APPENDIX IV STATUTORY AND GENERAL INFORMATION
– IV-6 –


--- page 384 ---
(b) Substantial Shareholders
Save as disclosed in the section headed “Substantial Shareholders” in this prospectus, our Directors
are not aware of any persons (other than our Directors, Supervisors and chief executive of our Company)
who will, immediately following the completion of the Global Offering and conversion of Unlisted Shares
into H Shares (without taking into account any H Shares which may be issued pursuant to the exercise of
the Over-allotment Option), will have or be deemed or taken to have interests and/or short position in our
Shares or underlying Shares which would be required to be disclosed to the Company and the Stock
Exchange under the provisions of Divisions 2 and 3 of Part XV of the SFO, or who is, directly or
indirectly, interested in 10% or more of the nominal value of any types of the issued voting shares of any
member of our Group.
2. Particulars of Directors’ service contracts
Each of our Directors has entered into a service contract with our Company. The principal particulars
of these service contracts comprise (a) the term of the service; (b) termination provisions; and (c) dispute
resolution provision. The service contracts may be renewed in accordance with our Articles of Association
and the applicable laws, rules and regulations from time to time.
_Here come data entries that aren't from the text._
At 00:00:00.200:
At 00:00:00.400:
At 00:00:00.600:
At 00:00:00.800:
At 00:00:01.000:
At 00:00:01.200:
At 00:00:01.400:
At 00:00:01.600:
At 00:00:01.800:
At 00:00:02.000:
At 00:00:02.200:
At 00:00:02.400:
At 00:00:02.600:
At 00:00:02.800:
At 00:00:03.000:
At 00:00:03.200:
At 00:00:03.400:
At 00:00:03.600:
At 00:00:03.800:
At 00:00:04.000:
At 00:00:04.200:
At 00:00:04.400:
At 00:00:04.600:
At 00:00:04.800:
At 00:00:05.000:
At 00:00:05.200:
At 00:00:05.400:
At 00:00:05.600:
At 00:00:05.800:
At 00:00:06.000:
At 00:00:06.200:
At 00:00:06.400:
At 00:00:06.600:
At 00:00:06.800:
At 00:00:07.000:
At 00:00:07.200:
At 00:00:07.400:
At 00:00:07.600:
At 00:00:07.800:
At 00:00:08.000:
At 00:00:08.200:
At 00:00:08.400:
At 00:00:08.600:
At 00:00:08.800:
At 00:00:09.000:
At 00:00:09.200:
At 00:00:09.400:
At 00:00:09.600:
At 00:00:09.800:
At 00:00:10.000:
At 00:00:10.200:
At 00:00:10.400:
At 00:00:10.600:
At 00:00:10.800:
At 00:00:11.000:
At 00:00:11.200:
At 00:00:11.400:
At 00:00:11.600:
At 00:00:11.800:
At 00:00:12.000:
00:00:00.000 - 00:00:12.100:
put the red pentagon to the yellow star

Save as disclosed above, none of our Directors or Supervisors has or is proposed to have a service
contract with any member of our Group (other than contracts expiring or determinable by the relevant
employer within one year without the payment of compensation (other than statutory compensation)).
3. Directors’ and Supervisors’ remuneration
For the two years ended December 31, 2025, the aggregate remuneration (including salaries,
retirement benefit scheme contribution and share-based payment) paid or payable to our Directors and
Supervisors were approximately RMB4.89 million and RMB20.67 million respectively.
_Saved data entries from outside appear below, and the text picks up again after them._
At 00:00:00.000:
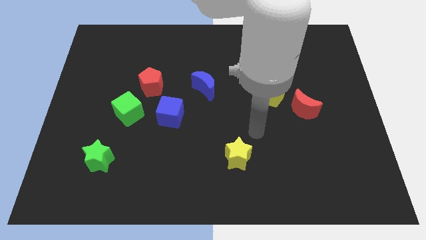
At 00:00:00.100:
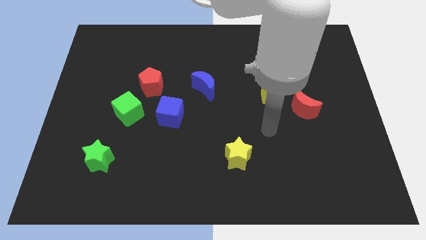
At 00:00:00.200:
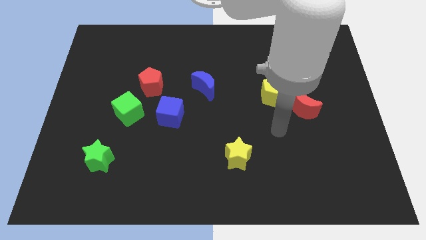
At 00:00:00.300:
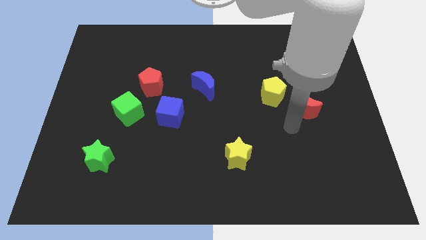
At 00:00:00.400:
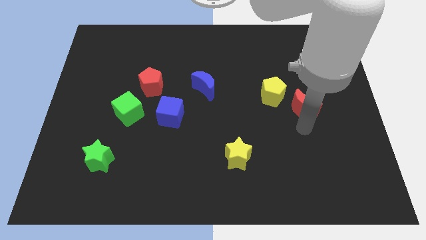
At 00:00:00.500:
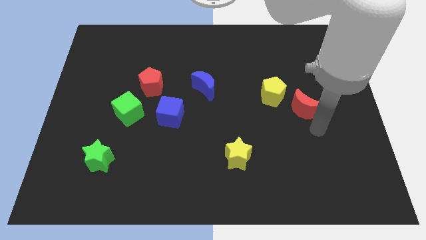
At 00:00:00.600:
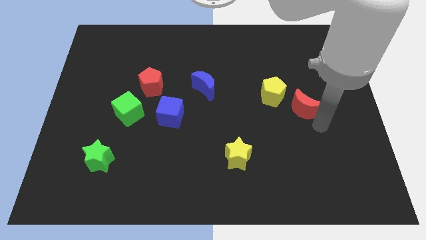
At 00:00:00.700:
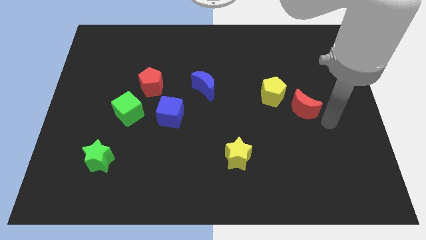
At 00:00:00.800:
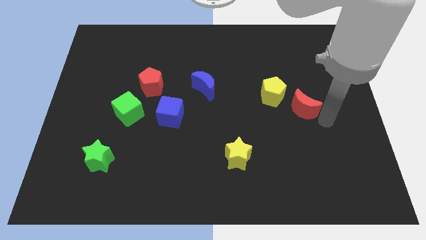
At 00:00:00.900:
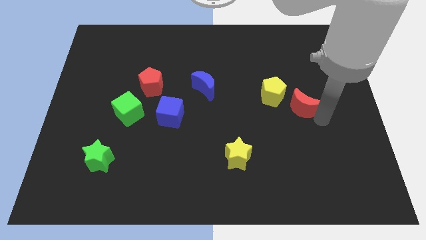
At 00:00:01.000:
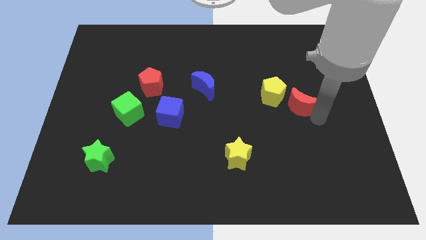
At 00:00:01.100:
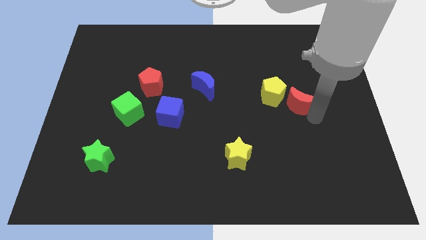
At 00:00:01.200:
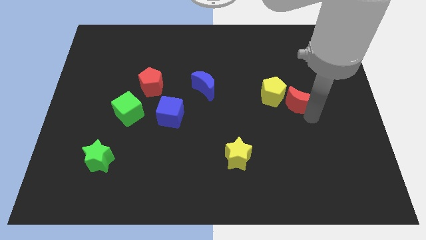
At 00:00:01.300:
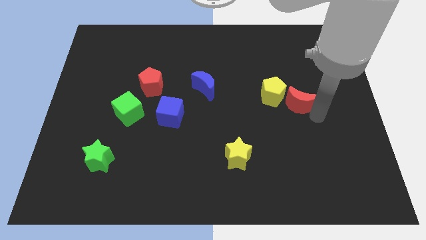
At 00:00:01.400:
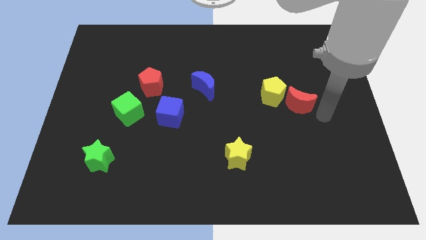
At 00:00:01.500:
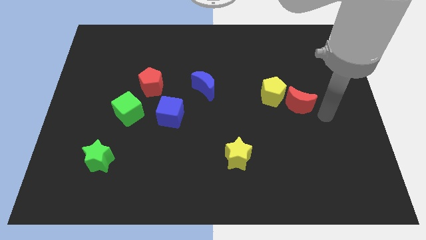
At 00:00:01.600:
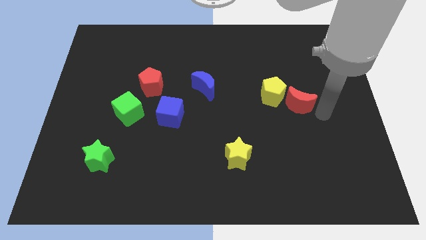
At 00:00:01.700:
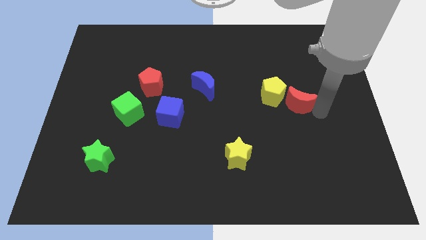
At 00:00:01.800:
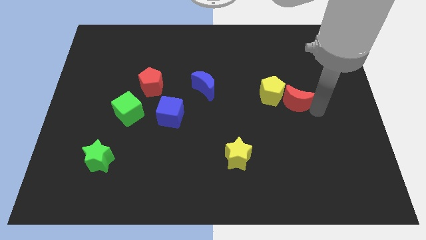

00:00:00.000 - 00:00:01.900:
slide the red moon towards the yellow pentagon

The aggregate amount of salaries, retirement benefit scheme contribution and share-based payment
paid or payable to our five highest paid individuals in respect of the two years ended December 31, 2025
was RMB9.11 million and RMB30.20 million respectively.
Under the arrangement currently in force, the aggregate remuneration (including salaries, retirement
benefit scheme contribution and share-based payment) of our Directors and Supervisors for the year
ending December 31, 2026 is estimated to be no more than approximately RMB31.34 million.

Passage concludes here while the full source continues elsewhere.